Attorney, Agent or Firm: Mentag; Robert G.
Claims
What is claimed is:
1. A portable watercraft lift (10) comprising:
(a) a pair of vertical, transverse support members (12,14) which are
laterally spaced apart;
(b) each of said transverse support members (12,14) having a transverse
beam member (16) and a vertical depending leg means (18,20) on each end
thereof;
(c) each of said transverse beam member depending leg means (18,20) being
provided with foot base means (23) for supporting said pair of transverse
support members (12,14) by engagement with the ground below the water
level of a body of water;
(d) each of said transverse support beam members (16) being detachably
connected, at a transverse mid-point thereof, to one end of an elongated
connector beam member (32,100);
(e) a power operated winch (68), having a winch drum, releasably mounted on
said elongated connector beam member (32,100) at a point equidistant from
each transverse support member (12,14);
(f) a power source (84) with operator control means (88) operatively
connected to said power operated winch (68) for controlling the operation
thereof;
(g) each of said transverse support members (12,14) being provided with
lifting cord means (58,132,134, 140) and associated pulley means
(46,56,114,116,118,128), and having one end (58,140) of each of said cord
means operatively attached to said winch drum; and,
(h) each of said lifting cord means (58,132,134, 140) and associated pulley
means (46,56,114,116,118,128) being connectable to a watercraft support
member (64,106,142) for supporting a watercraft (67) when the power
operated winch (68) is operated to wind said one (58,140) end of each of
the cord means onto the winch drum, to lift the watercraft (67) when the
power winch (68) is operated by said operator control means (88) to rotate
said power winch drum, in one direction, and to lower the watercraft (67)
when the power winch is operated by said operator control means (88) to
rotate said power winch drum in the in the other direction.
2. A portable watercraft lift (10) as defined in claim 1, wherein:
(a) said elongated connector beam member (32) includes adjustment means for
adjusting the length of said elongated connector beam member (32) to
adjust the lateral spaced apart positions of the transverse support
members (12,14).
3. A portable watercraft lift (10) as defined in claim 1, wherein:
(a) said watercraft support member comprises a watercraft lifting ring (64)
attached to a watercraft (67).
4. A portable watercraft lift (10) as defined in claim 1, wherein:
(a) said watercraft support member comprises a watercraft cradle (106)
disposed under a respective support beam member (16a).
5. A portable watercraft lift (10) as defined in claim 4, wherein:
(a) each of said watercraft cradles (106) is provided with a guide bracket
(115) on each end which slidably engages an adjacent leg means (20a) when
the watercraft cradles (106) are moved upwardly and downwardly during
watercraft lifting and lowering operations.
6. A portable watercraft lift (10) as defined in claim 1, wherein:
(a) said watercraft support member comprises a lifting strap disposed under
a respective support beam member (16b).
7. A portable watercraft lift (10) as defined in claim 1, wherein:
(a) each of said transverse support member vertical depending leg means
(18,20) comprise a plurality of leg parts detachably connected together.
8. A portable watercraft lift (10) as defined in claim 1, wherein:
(a) the transverse beam member (16) for each transverse support member
(12,14) is arch shaped.
9. A portable watercraft lift (10) as defined in claim 1, wherein:
(a) foot base means (23) on each of said transverse support member
depending leg means (18,20) are detachably mounted thereon.
Description
BACKGROUND OF THE INVENTION
1. Field of the Invention
The field of art to which this invention pertains may be generally located
in the class of devices relating to watercraft lifts.
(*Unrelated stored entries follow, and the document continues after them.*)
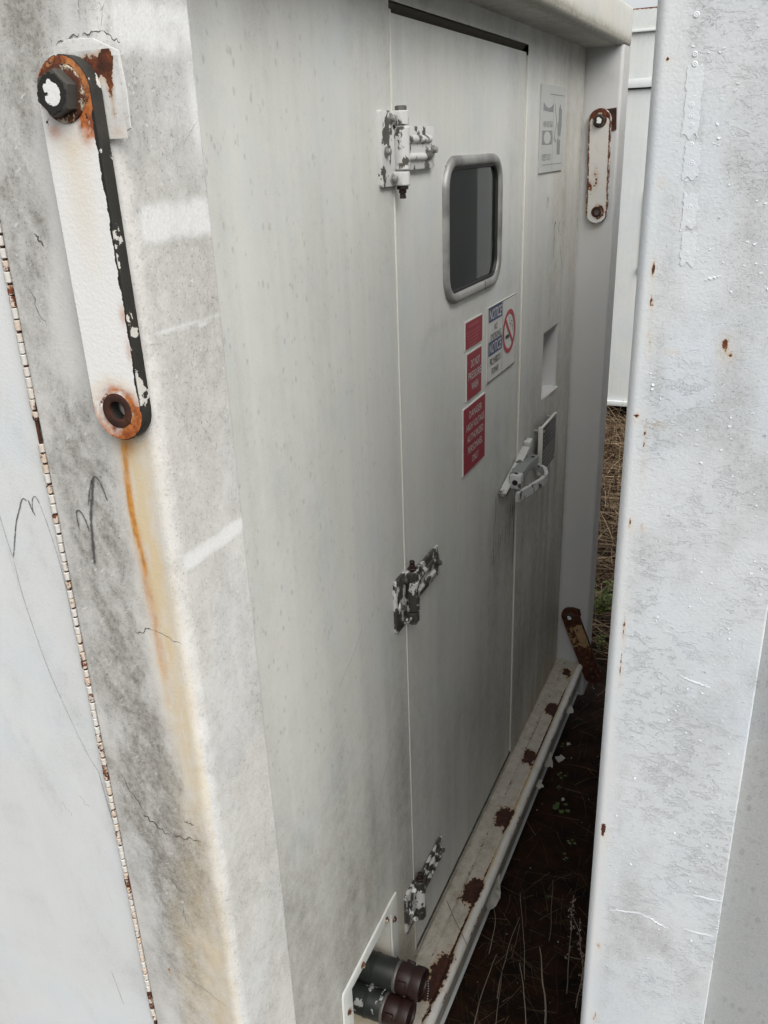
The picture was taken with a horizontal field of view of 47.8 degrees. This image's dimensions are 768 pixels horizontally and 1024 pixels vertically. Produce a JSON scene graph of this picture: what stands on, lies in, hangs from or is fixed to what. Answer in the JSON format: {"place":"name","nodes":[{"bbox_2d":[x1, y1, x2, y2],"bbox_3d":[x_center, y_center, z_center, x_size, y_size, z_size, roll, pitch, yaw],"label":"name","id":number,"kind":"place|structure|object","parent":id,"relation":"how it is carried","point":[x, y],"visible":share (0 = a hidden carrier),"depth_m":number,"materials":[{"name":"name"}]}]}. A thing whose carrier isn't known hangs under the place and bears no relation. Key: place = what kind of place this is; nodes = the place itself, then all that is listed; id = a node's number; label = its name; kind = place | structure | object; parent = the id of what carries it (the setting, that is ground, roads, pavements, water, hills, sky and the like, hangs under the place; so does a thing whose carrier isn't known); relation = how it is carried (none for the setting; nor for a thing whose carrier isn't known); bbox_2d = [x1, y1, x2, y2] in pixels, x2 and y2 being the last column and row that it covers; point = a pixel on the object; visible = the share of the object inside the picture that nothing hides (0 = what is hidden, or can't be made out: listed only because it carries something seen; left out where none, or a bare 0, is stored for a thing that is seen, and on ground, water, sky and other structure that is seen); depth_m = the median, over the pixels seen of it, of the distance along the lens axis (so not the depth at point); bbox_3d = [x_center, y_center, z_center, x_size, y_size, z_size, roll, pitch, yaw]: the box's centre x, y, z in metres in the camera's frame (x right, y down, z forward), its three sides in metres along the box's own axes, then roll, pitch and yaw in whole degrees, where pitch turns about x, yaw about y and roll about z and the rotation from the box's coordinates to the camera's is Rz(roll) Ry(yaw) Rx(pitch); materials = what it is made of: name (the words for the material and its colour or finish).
{"place":"outdoors","nodes":[
{"label":"outdoors","id":0,"kind":"place"},
{"bbox_2d":[444,405,626,1023],"bbox_3d":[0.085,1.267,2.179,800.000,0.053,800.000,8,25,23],"label":"ground","id":1,"kind":"structure","parent":0,"point":[552,843],"depth_m":2.51,"materials":[{"name":"soil"}]},
{"bbox_2d":[0,0,632,1023],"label":"equipment container","id":2,"kind":"object","parent":1,"relation":"on","point":[292,682],"visible":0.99,"depth_m":1.23,"materials":[{"name":"metal"}]},
{"bbox_2d":[37,54,151,439],"bbox_3d":[-0.243,-0.207,0.719,0.055,0.309,0.025,7,24,23],"label":"link bar","id":3,"kind":"object","parent":2,"relation":"attached to","point":[71,105],"visible":1,"depth_m":0.71,"materials":[{"name":"paint"}]},
{"bbox_2d":[447,902,468,948],"bbox_3d":[0.183,1.033,2.168,0.005,0.013,0.153,-9,24,-15],"label":"straw","id":4,"kind":"object","parent":2,"relation":"on","point":[458,926],"visible":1,"depth_m":2.15,"materials":[{"name":"beige plant"}]},
{"bbox_2d":[391,13,526,943],"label":"door","id":5,"kind":"structure","parent":2,"relation":"in","point":[459,219],"depth_m":1.90,"materials":[{"name":"paint"}]},
{"bbox_2d":[464,313,481,350],"bbox_3d":[0.196,-0.395,1.896,0.003,0.061,0.118,8,25,23],"label":"sign","id":6,"kind":"object","parent":5,"relation":"attached to","point":[472,331],"visible":1,"depth_m":1.89,"materials":[{"name":"red plastic"}]},
{"bbox_2d":[462,392,484,476],"bbox_3d":[0.207,-0.180,1.993,0.004,0.157,0.157,8,25,23],"label":"sign","id":7,"kind":"object","parent":5,"relation":"attached to","point":[473,433],"visible":1,"depth_m":1.99,"materials":[{"name":"red plastic"}]},
{"bbox_2d":[465,345,481,401],"bbox_3d":[0.201,-0.310,1.934,0.004,0.106,0.104,8,25,23],"label":"sign","id":8,"kind":"object","parent":5,"relation":"attached to","point":[473,373],"visible":1,"depth_m":1.93,"materials":[{"name":"red plastic"}]},
{"bbox_2d":[486,293,515,383],"bbox_3d":[0.285,-0.423,2.095,0.004,0.174,0.231,8,25,23],"label":"sign","id":9,"kind":"object","parent":5,"relation":"attached to","point":[500,336],"visible":1,"depth_m":2.08,"materials":[{"name":"white plastic"}]},
{"bbox_2d":[535,412,556,475],"bbox_3d":[0.482,-0.207,2.591,0.029,0.148,0.168,8,25,23],"label":"data plate","id":10,"kind":"object","parent":2,"relation":"attached to","point":[546,430],"visible":0.91,"depth_m":2.57,"materials":[{"name":"metal"}]},
{"bbox_2d":[538,83,565,172],"bbox_3d":[0.440,-0.999,2.261,0.004,0.205,0.252,8,25,23],"label":"sign","id":11,"kind":"object","parent":2,"relation":"attached to","point":[551,126],"visible":1,"depth_m":2.25,"materials":[{"name":"paper"}]},
{"bbox_2d":[561,607,601,683],"bbox_3d":[0.729,0.498,3.201,0.065,0.319,0.025,-15,14,30],"label":"link bar","id":12,"kind":"object","parent":2,"relation":"attached to","point":[578,637],"visible":1,"depth_m":3.20,"materials":[{"name":"paint"}]},
{"bbox_2d":[586,108,611,222],"bbox_3d":[0.637,-1.028,2.579,0.065,0.319,0.025,7,24,23],"label":"link bar","id":13,"kind":"object","parent":2,"relation":"attached to","point":[599,150],"visible":1,"depth_m":2.58,"materials":[{"name":"metal"}]},
{"bbox_2d":[474,954,496,1023],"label":"dry stalk","id":14,"kind":"object","parent":1,"relation":"on","point":[482,992],"visible":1,"depth_m":2.12,"materials":[{"name":"beige plant"}]},
{"bbox_2d":[488,904,495,953],"bbox_3d":[0.287,1.103,2.295,0.011,0.198,0.017,-14,26,-27],"label":"dry stalk","id":15,"kind":"object","parent":1,"relation":"on","point":[493,932],"visible":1,"depth_m":2.31,"materials":[{"name":"beige plant"}]},
{"bbox_2d":[497,917,519,998],"bbox_3d":[0.313,1.129,2.193,0.078,0.226,0.006,-20,28,-35],"label":"dry stalk","id":16,"kind":"object","parent":1,"relation":"on","point":[504,962],"visible":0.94,"depth_m":2.19,"materials":[{"name":"beige plant"}]},
{"bbox_2d":[520,897,524,979],"bbox_3d":[0.359,1.099,2.241,0.004,0.242,0.060,-5,23,-7],"label":"dry stalk","id":17,"kind":"object","parent":1,"relation":"on","point":[524,945],"visible":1,"depth_m":2.24,"materials":[{"name":"beige plant"}]},
{"bbox_2d":[519,963,525,1023],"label":"dry stalk","id":18,"kind":"object","parent":1,"relation":"on","point":[524,998],"visible":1,"depth_m":2.07,"materials":[{"name":"beige plant"}]},
{"bbox_2d":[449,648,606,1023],"bbox_3d":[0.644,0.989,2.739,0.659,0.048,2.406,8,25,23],"label":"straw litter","id":19,"kind":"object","parent":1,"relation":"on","point":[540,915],"visible":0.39,"depth_m":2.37,"materials":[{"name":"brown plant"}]},
{"bbox_2d":[539,947,546,1023],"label":"dry stalk","id":20,"kind":"object","parent":1,"relation":"on","point":[543,990],"visible":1,"depth_m":2.11,"materials":[{"name":"beige plant"}]},
{"bbox_2d":[555,755,564,762],"bbox_3d":[0.617,0.863,3.036,0.031,0.010,0.028,-11,24,-20],"label":"paint shard","id":21,"kind":"object","parent":1,"relation":"on","point":[560,758],"visible":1,"depth_m":3.03,"materials":[{"name":"white paint"}]},
{"bbox_2d":[552,802,569,813],"bbox_3d":[0.573,0.963,2.800,0.057,0.031,0.041,4,24,15],"label":"clover","id":22,"kind":"object","parent":1,"relation":"on","point":[555,806],"visible":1,"depth_m":2.79,"materials":[{"name":"green plant"}]},
{"bbox_2d":[565,895,580,993],"bbox_3d":[0.466,1.083,2.143,0.024,0.339,0.049,-7,23,-12],"label":"dry stalk","id":23,"kind":"object","parent":1,"relation":"on","point":[573,901],"visible":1,"depth_m":2.15,"materials":[{"name":"beige plant"}]},
{"bbox_2d":[570,911,584,995],"bbox_3d":[0.468,1.107,2.101,0.021,0.327,0.076,-16,26,-29],"label":"dry stalk","id":24,"kind":"object","parent":1,"relation":"on","point":[581,955],"visible":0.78,"depth_m":2.07,"materials":[{"name":"beige plant"}]},
{"bbox_2d":[575,961,584,1007],"bbox_3d":[0.513,1.112,2.126,0.067,0.296,0.029,6,24,18],"label":"dry stalk","id":25,"kind":"object","parent":1,"relation":"on","point":[580,984],"visible":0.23,"depth_m":2.15,"materials":[{"name":"beige plant"}]},
{"bbox_2d":[595,634,605,651],"bbox_3d":[0.922,0.560,3.688,0.046,0.081,0.053,8,25,23],"label":"weed","id":26,"kind":"object","parent":1,"relation":"on","point":[600,640],"visible":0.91,"depth_m":3.68,"materials":[{"name":"green plant"}]},
{"bbox_2d":[593,580,613,619],"bbox_3d":[0.987,0.397,3.908,0.125,0.207,0.137,-16,26,-30],"label":"weed","id":27,"kind":"object","parent":1,"relation":"on","point":[600,607],"visible":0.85,"depth_m":3.90,"materials":[{"name":"green plant"}]},
{"bbox_2d":[591,400,626,693],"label":"dry grass","id":28,"kind":"structure","parent":1,"relation":"on","point":[615,442],"depth_m":5.06,"materials":[{"name":"brown plant"}]},
{"bbox_2d":[607,6,656,406],"bbox_3d":[2.187,-2.325,6.977,4.000,2.787,2.430,8,25,23],"label":"background container","id":29,"kind":"object","parent":1,"relation":"on","point":[639,86],"visible":0.07,"depth_m":5.89,"materials":[{"name":"white metal"}]},
{"bbox_2d":[580,0,767,1023],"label":"storage container","id":30,"kind":"object","parent":1,"relation":"on","point":[677,930],"visible":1,"depth_m":0.83,"materials":[{"name":"metal"}]},
{"bbox_2d":[622,0,657,8],"label":"sky","id":31,"kind":"structure","parent":0,"point":[633,3],"materials":[{"name":"white"}]}
]}

Class 405, Hydraulic
and Earth Engineering, United States Patent Office Classification, appears
to be the applicable general area of art to which the subject matter
similar to this invention has been classified in the past.
2. Description of the Prior Art
This invention relates generally to a portable watercraft lift for raising
and lowering personal watercraft, such as paddle boats, fishing boats, ski
boats, small runabouts, and the like. Heretofore, various types of
transportable watercraft lifts have been proposed for moving a watercraft
vertically relative to the water in a lake, or the like, so as to lift the
watercraft out of or lower it into the water. An example of such a prior
art transportable watercraft is disclosed in U.S. Pat. No. 4,027,492. The
prior art type of watercraft lift disclosed in said patent is
disadvantageous in that the structure thereof is costly, heavy, cumbersome
and complicated, and it cannot be disassembled quickly for fast and easy
transporting of the same, for movement to a new use location for operation
of the watercraft lift or storage location.
SUMMARY OF THE INVENTION
The present invention provides a portable watercraft lift which is simple
and compact in constructions, light in weight, and the parts thereof may
be quickly and easily assembled and set up for use. The portable
watercraft lift may also be quickly and easily disassembled and
transported when not in use to a small storage facility.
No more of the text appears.